À cette date précise, la Révolution est à un tournant. Un petit retour en arrière s’impose :

En juillet 1789, l’entrée en scène du mouvement populaire, paysan à plus de 85% de la population d’alors, changea complètement le pays : le roi, excédé par la transformation des États généraux en Assemblée nationale constituante, avait décidé de la réprimer par les armes. Mais le mouvement populaire l’en empêcha : en trois semaines seulement et dans tout le pays, une révolution municipale se produit, prend le pouvoir communal, crée des Gardes nationales formées de citoyens locaux, se double d’une immense jacquerie paysanne qui investit pacifiquement (oui, son historien, Georges Lefebvre, insiste) les seigneuries et brûle les titres de propriété féodale des seigneurs, indiquant clairement le programme et, enfin, détruit la grande institution de la monarchie , qui tenait grâce aux intendants dans les provinces et aux gouverneurs militaires aux frontières : ceux-ci, comprenant qu’ils n’avaient pas les moyens de réprimer le peuple en mouvement, se firent… d’une immense discrétion et s’enfuirent : le roi perdit ainsi sa souveraineté, ses agents et son épée, en trois semaines…
C’était cela la Révolution de juillet 1789.

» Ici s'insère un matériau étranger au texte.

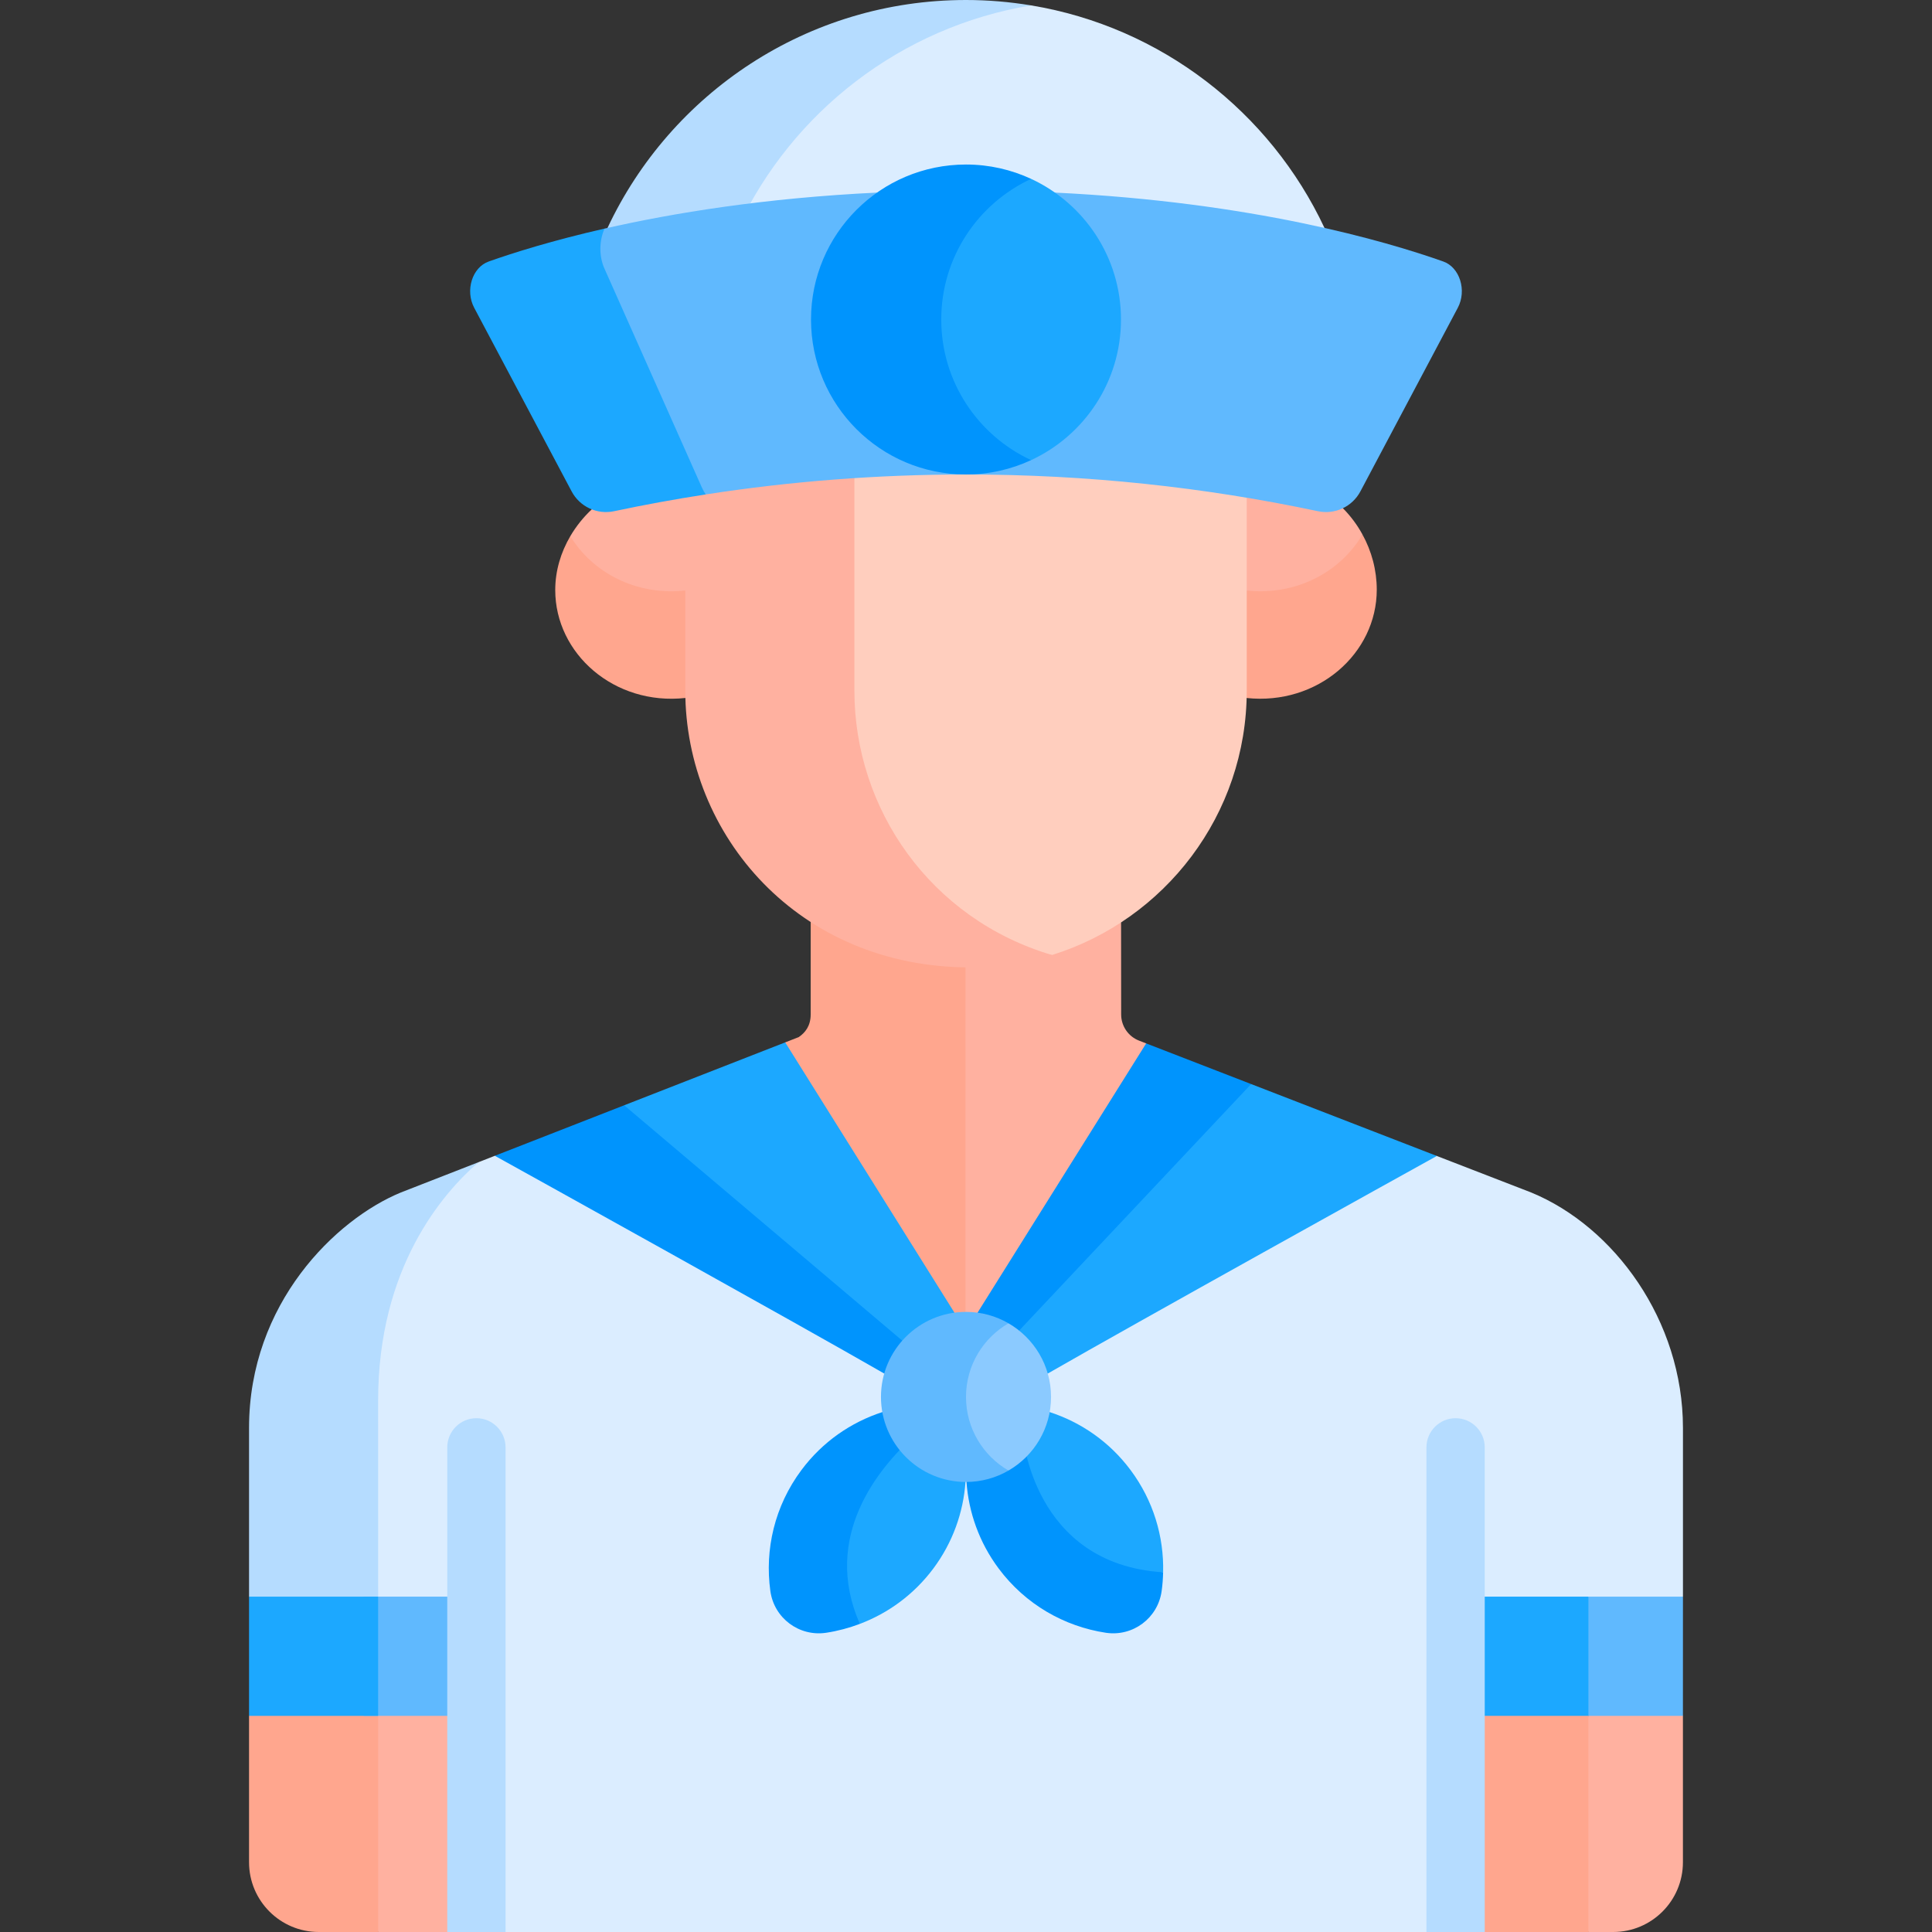 <svg xmlns="http://www.w3.org/2000/svg" width="64" height="64" viewBox="0 0 64 64" fill="none"><rect x="0" y="0" width="64" height="64" fill="#333333" stroke="none"/><path d="M34.157 0.179H32.593L28.022 2.221L25.125 5.45L23.669 7.919H42.895L43.875 7.55C42.075 3.714 38.472 0.893 34.157 0.179Z" fill="#DBEDFF"></path><path d="M50.723 39.503C50.529 39.428 49.266 38.939 47.597 38.293L45.364 38.31L40.016 36.462L31.983 45.501L24.367 36.729L20.124 38.739L16.392 38.287L15.851 38.499L13.428 40.113L12.05 43.458V54.106H15.782V64H48.218V53.505H54.614L55.75 52.891V47.301C55.75 43.744 53.472 40.635 50.723 39.503Z" fill="#DBEDFF"></path><path d="M12.526 46.39C12.526 42.001 14.651 39.539 15.851 38.499L13.278 39.503C11.128 40.388 8.25 43.171 8.25 47.301V52.891L9.772 54.106H12.527C12.526 51.271 12.526 48.451 12.526 46.39Z" fill="#B5DCFF"></path><path d="M38.533 35.949L37.968 34.564C37.852 34.519 37.772 34.488 37.734 34.473C37.378 34.335 37.141 33.993 37.14 33.609L37.137 30.553L36.231 30.068H31.618V45.08L31.983 45.501L40.016 36.462L38.533 35.949Z" fill="#FFB1A0"></path><path d="M27.507 30.068L26.855 30.54L26.855 33.603C26.855 33.986 26.671 34.212 26.459 34.355L26.011 34.53L25.833 36.035L24.367 36.729L31.983 45.501L31.984 30.068H27.507Z" fill="#FFA68E"></path><path d="M43.024 19.96L44.634 18.994L45.133 17.705C44.959 17.386 44.74 17.092 44.484 16.835L44.248 16.488L40.878 15.893V19.96L43.024 19.96Z" fill="#FFB1A0"></path><path d="M41.293 19.562L40.878 19.039V22.599L41.293 23.122C43.653 23.373 45.607 21.646 45.607 19.534C45.607 18.887 45.437 18.258 45.133 17.705C44.415 18.934 42.955 19.739 41.293 19.562Z" fill="#FFA68E"></path><path d="M18.893 18.608L21.004 19.96H23.043V15.893L19.974 16.488L19.603 16.873C19.326 17.132 19.086 17.432 18.893 17.76V18.608Z" fill="#FFB1A0"></path><path d="M18.893 17.76C18.578 18.296 18.393 18.908 18.393 19.546C18.393 21.652 20.345 23.38 22.706 23.121L23.043 22.213V18.653L22.706 19.561C21.064 19.741 19.621 18.96 18.893 17.76Z" fill="#FFA68E"></path><path d="M12.05 62.777L12.526 64H15.782L15.782 55.909H12.05V62.777Z" fill="#FFB1A0"></path><path d="M12.526 55.909H9.936L8.25 56.84V61.689C8.25 62.965 9.285 64 10.561 64H12.526C12.526 62.317 12.526 59.214 12.526 55.909Z" fill="#FFA68E"></path><path d="M54.936 55.909H52.296V56.209L52.618 56.84L52.296 57.325V63.528L52.618 64H53.439C54.715 64 55.749 62.965 55.749 61.689V56.84L54.936 55.909Z" fill="#FFB1A0"></path><path d="M48.218 55.909H52.618V64H48.218L48.218 55.909Z" fill="#FFA68E"></path><path d="M41.446 35.911L40.739 36.249L32.969 44.142L34.219 45.392L34.708 45.501C37.64 43.814 46.476 38.914 47.597 38.293C45.744 37.575 43.392 36.664 41.446 35.911Z" fill="#1CA8FF"></path><path d="M37.968 34.564L32.382 43.485L32.545 43.718L33.345 44.518L41.446 35.911C39.838 35.288 38.507 34.773 37.968 34.564Z" fill="#0094FD"></path><path d="M20.676 36.614L20.972 37.248L30.182 45.042L31.483 43.767L31.618 43.485L26.011 34.53L20.676 36.614Z" fill="#1CA8FF"></path><path d="M20.676 36.614L16.392 38.287C17.468 38.883 26.351 43.809 29.292 45.501L29.841 45.376L30.392 44.836L20.676 36.614Z" fill="#0094FD"></path><path d="M34.3 50.785L37.433 52.325L38.53 52.084C38.559 50.908 38.21 49.714 37.452 48.698C36.752 47.759 35.806 47.113 34.771 46.777L34.536 46.895L33.408 47.772L34.3 50.785Z" fill="#1CA8FF"></path><path d="M38.481 52.705C38.51 52.499 38.525 52.292 38.53 52.084C34.197 51.814 33.881 47.517 33.881 47.517L33.803 47.465L32.218 48.697L32.016 49.091C32.088 50.095 32.435 51.091 33.081 51.958C33.973 53.154 35.262 53.878 36.629 54.087C37.526 54.223 38.357 53.604 38.481 52.705Z" fill="#0094FD"></path><path d="M29.889 47.271L28.505 48.676L27.41 51.799V52.891L28.484 53.793C29.422 53.438 30.274 52.822 30.919 51.958C31.565 51.091 31.912 50.095 31.983 49.092L31.732 48.74L29.889 47.271Z" fill="#1CA8FF"></path><path d="M30.274 47.578L29.39 46.873L29.229 46.777C28.193 47.113 27.248 47.759 26.548 48.698C25.656 49.894 25.329 51.336 25.519 52.705C25.643 53.604 26.474 54.223 27.371 54.087C27.75 54.029 28.123 53.93 28.484 53.793C27.202 50.891 29.127 48.608 30.274 47.578Z" fill="#0094FD"></path><path d="M12.05 52.891H15.782V56.84H12.05V52.891Z" fill="#60B9FE"></path><path d="M12.526 52.891L8.25 52.891L8.25 56.84L12.526 56.84C12.526 55.548 12.526 54.206 12.526 52.891Z" fill="#1CA8FF"></path><path d="M52.618 52.891L52.296 53.441V56.209L52.618 56.84H55.749L55.75 52.891L52.618 52.891Z" fill="#60B9FE"></path><path d="M48.218 52.891H52.618L52.618 56.84L48.218 56.84V52.891Z" fill="#1CA8FF"></path><path d="M16.747 64V47.946C16.747 47.413 16.315 46.98 15.782 46.98C15.248 46.98 14.816 47.413 14.816 47.946V64H16.747Z" fill="#B5DCFF"></path><path d="M49.184 64V47.946C49.184 47.413 48.752 46.98 48.218 46.98C47.685 46.98 47.253 47.413 47.253 47.946V64H49.184Z" fill="#B5DCFF"></path><path d="M40.32 15.718L32 15.163L28.022 15.429V27.847L32 31.066L34.847 31.636C38.581 30.476 41.3 26.989 41.3 22.879V16.488L40.32 15.718Z" fill="#FFCEBE"></path><path d="M28.303 22.879V15.41L23.708 15.718L22.701 16.489V22.879C22.701 27.67 26.454 32.046 32.133 32.046C33.077 32.046 33.989 31.902 34.847 31.636C30.82 30.442 28.303 26.801 28.303 22.879Z" fill="#FFB1A0"></path><path d="M34.157 0.179C33.455 0.063 32.735 0 32 0C26.747 0 22.217 3.09 20.125 7.55L20.521 7.919H24.835L24.439 7.55C26.238 3.714 29.842 0.893 34.157 0.179Z" fill="#B5DCFF"></path><path d="M47.809 8.662C45.896 7.985 41.477 6.693 34.944 6.38H29.056C25.337 6.558 22.305 7.054 20.028 7.572L19.476 7.919L19.752 8.917L22.7 16.113L23.378 16.379C26.188 15.944 29.067 15.718 32 15.718C35.998 15.718 39.898 16.137 43.659 16.935C44.222 17.054 44.795 16.786 45.065 16.278L48.291 10.197C48.597 9.621 48.357 8.855 47.809 8.662Z" fill="#60B9FE"></path><path d="M23.249 16.146L20.023 8.897C19.832 8.47 19.853 7.956 20.028 7.572C18.305 7.965 17.015 8.37 16.191 8.662C15.643 8.855 15.403 9.621 15.709 10.197L18.936 16.278C19.205 16.786 19.779 17.054 20.341 16.935C21.344 16.722 22.356 16.537 23.378 16.379C23.33 16.307 23.287 16.23 23.249 16.146Z" fill="#1CA8FF"></path><path d="M34.157 5.925H33.173L31.177 7.941L30.512 10.795L30.64 12.834L32 14.401L32.84 14.959L34.157 15.242C35.914 14.427 37.134 12.649 37.134 10.584C37.134 8.519 35.914 6.74 34.157 5.925Z" fill="#1CA8FF"></path><path d="M31.18 10.584C31.18 8.519 32.4 6.74 34.157 5.925C33.501 5.621 32.771 5.45 32 5.45C29.165 5.45 26.866 7.749 26.866 10.584C26.866 13.419 29.165 15.718 32 15.718C32.77 15.718 33.501 15.547 34.157 15.242C32.4 14.427 31.18 12.649 31.18 10.584Z" fill="#0094FD"></path><path d="M33.408 43.836H32.969L31.618 45.08L31.296 46.922L31.821 48.048L32.556 48.434L33.408 48.714C34.25 48.227 34.817 47.318 34.817 46.275C34.817 45.233 34.25 44.323 33.408 43.836Z" fill="#8BCAFF"></path><path d="M32 46.275C32 45.233 32.567 44.323 33.408 43.836C32.994 43.596 32.513 43.458 32 43.458C30.444 43.458 29.183 44.719 29.183 46.275C29.183 47.831 30.444 49.092 32 49.092C32.513 49.092 32.994 48.954 33.408 48.714C32.567 48.227 32 47.318 32 46.275Z" fill="#60B9FE"></path></svg>

La Grande peur de la classe des possédants suivit et, début août 1789, l’Assemblée constituante, sauvée de la répression royale par ce peuple en révolution, dut faire des concessions  : la Nuit du 4 août déclare la suppression de la féodalité, mais sans décret d’application , et la Déclaration des droits de l’homme et du citoyen est votée le 26 août.

Le côté droit de l’Assemblée, effrayé par les droits déclarés, va chercher à les modérer , n’osant contrer ouvertement ce texte devenu constitutionnel. Le côté gauche se déclare pour leur application intégrale. Voilà l’origine de ce que l’on a réduit à l’opposition gauche/droite et qui portait, alors, sur la défense ou le refus des principes de la Déclaration des droits naturels de l’homme et du citoyen.

De 1789 à 1791, le combat entre les deux côtés fait rage, le côté gauche, minoritaire, s’est tout de même renforcé avec les combats menés à l’Assemblée, mais fin 1791, la Constitution est celle du côté droit qui parvient à imposer une monarchie constitutionnelle et une aristocratie des riches, violant les principes de la Déclaration des droits (souveraineté populaire et égalité des droits politiques principalement).

En octobre 1791, une nouvelle Assemblée est élue au suffrage des riches, l’Assemblée législative . Le roi tente de déclarer la guerre dans le but de se faire aider par les armées de Prusse et d’Autriche et écraser la Révolution. Il y parvient après moult péripéties que je ne peux détailler ici et le 20 avril 1792, il vient lui-même à l’Assemblée proposer de déclarer la guerre « au Roi de Bohême et de Hongrie », à savoir l’empereur d’Autriche, le frère de Marie-Antoinette, son beau-frère donc : le plan prend tournure. Et l’Assemblée va voter cette déclaration de guerre, malgré l’opposition de la Montagne, Robespierre en tête, et de quelques députés du côté droit autour des Lameth.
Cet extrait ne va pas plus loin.